In this exercise you will implement the value iteration algorithm for Markov Decision Processes.
The value iteration algorithm is applied to a 2D grid decision process, where different locations on a can contain different rewards. The purpose is to compute the value of each location, and the
corresponding policy.
1. To prepare for the exercise, make sure you have consulted the lecture slides
and MyCourses material related to Markov Processes, The Bellman Equation, and
Value Iteration.
2. Copy `template-valueiteration.py` to `valueiteration.py`
3. Read and understand all code
- mdp.py :: This file defines an abstract class providing a general interface
for Markov Decision Processes. No need to edit.
- valueiteration.py :: Declares function related to value iteration
TASKs 2.x are found here.
- gridmdp.py :: This file defines a grid Markov Decision Process by
inheriting from mdp.py. No need to edit.
- gridactions.py :: Defines actions used by gridmdp.py. No need to edit.

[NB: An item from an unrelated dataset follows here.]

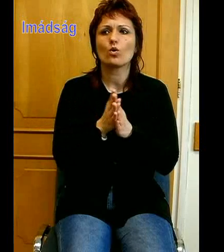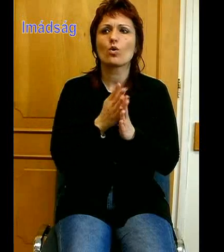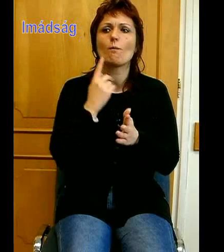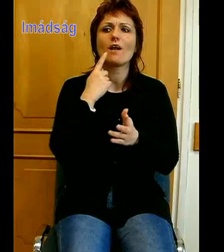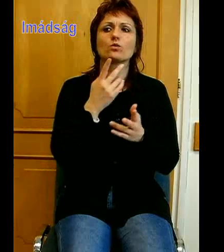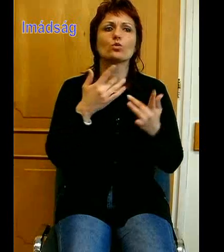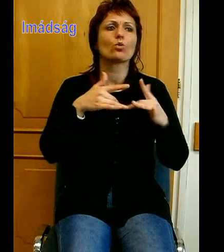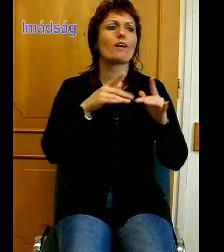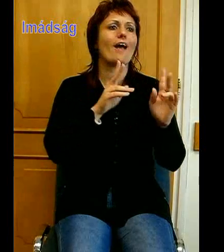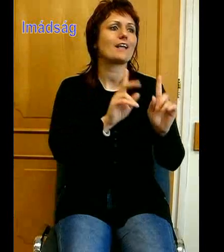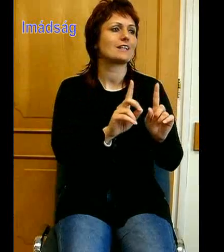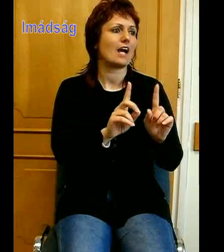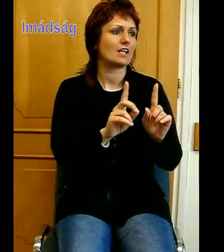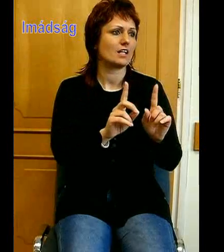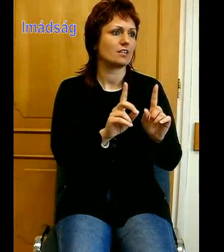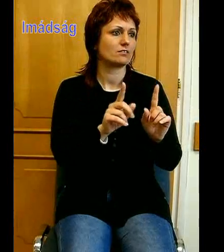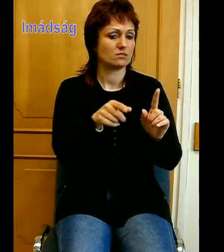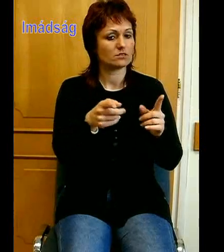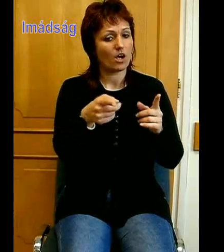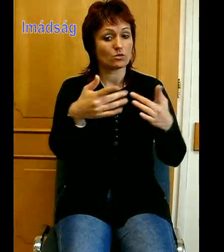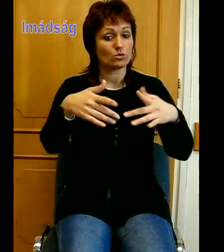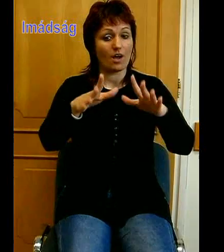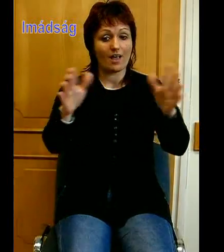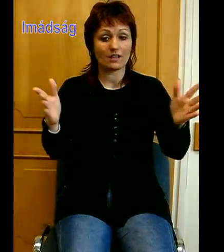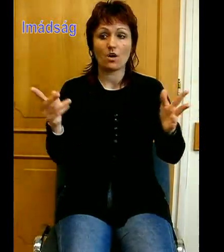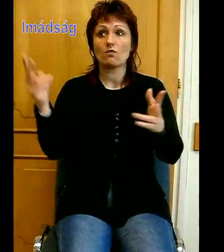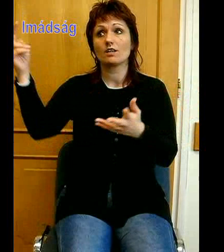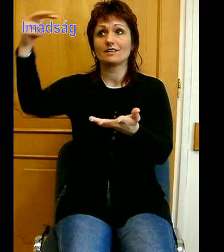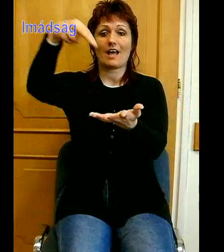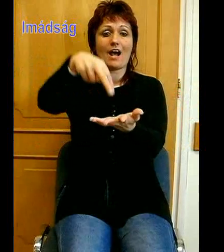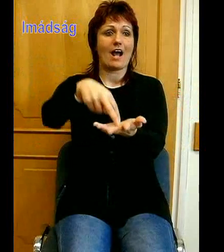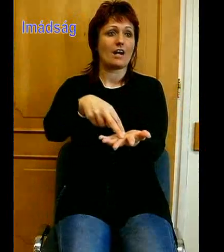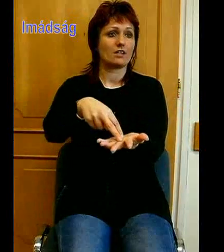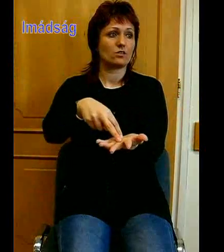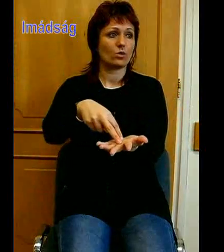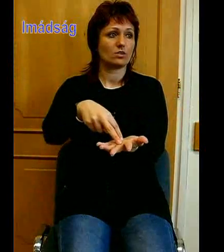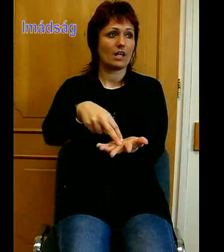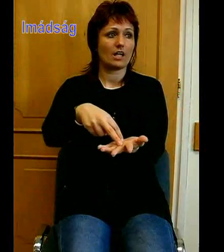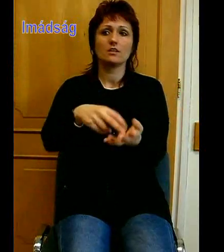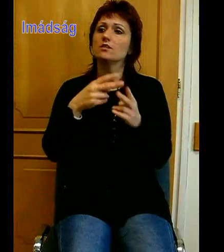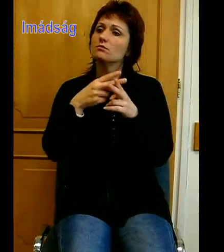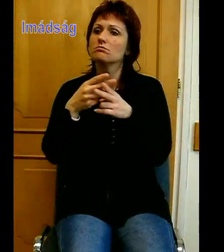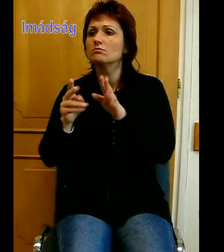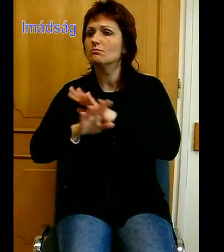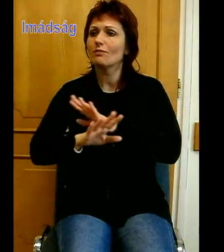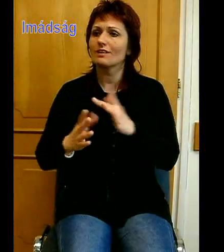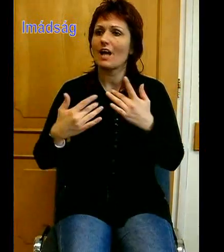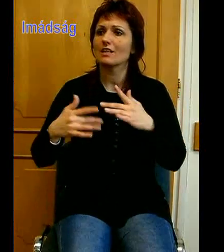a helyen, ahova Te állítottál minket. Segíts minket minden helyzetből tele átnézni, Úrunk

- utils.py :: Defines some utility function, notably `argmax` which may come in handy.
4. Implement TASK 2.1, and 2.2
- TASK 2.1 :: Implement the `value_of` function.
- TASK 2.2 :: Implement the `value_iteration` function (using `value_of`)
- `python valueiteration.py` :: Will execute a few basic examples on grids.
- `python test_valueiteration.py` :: Will execute a few unit tests.
Good luck!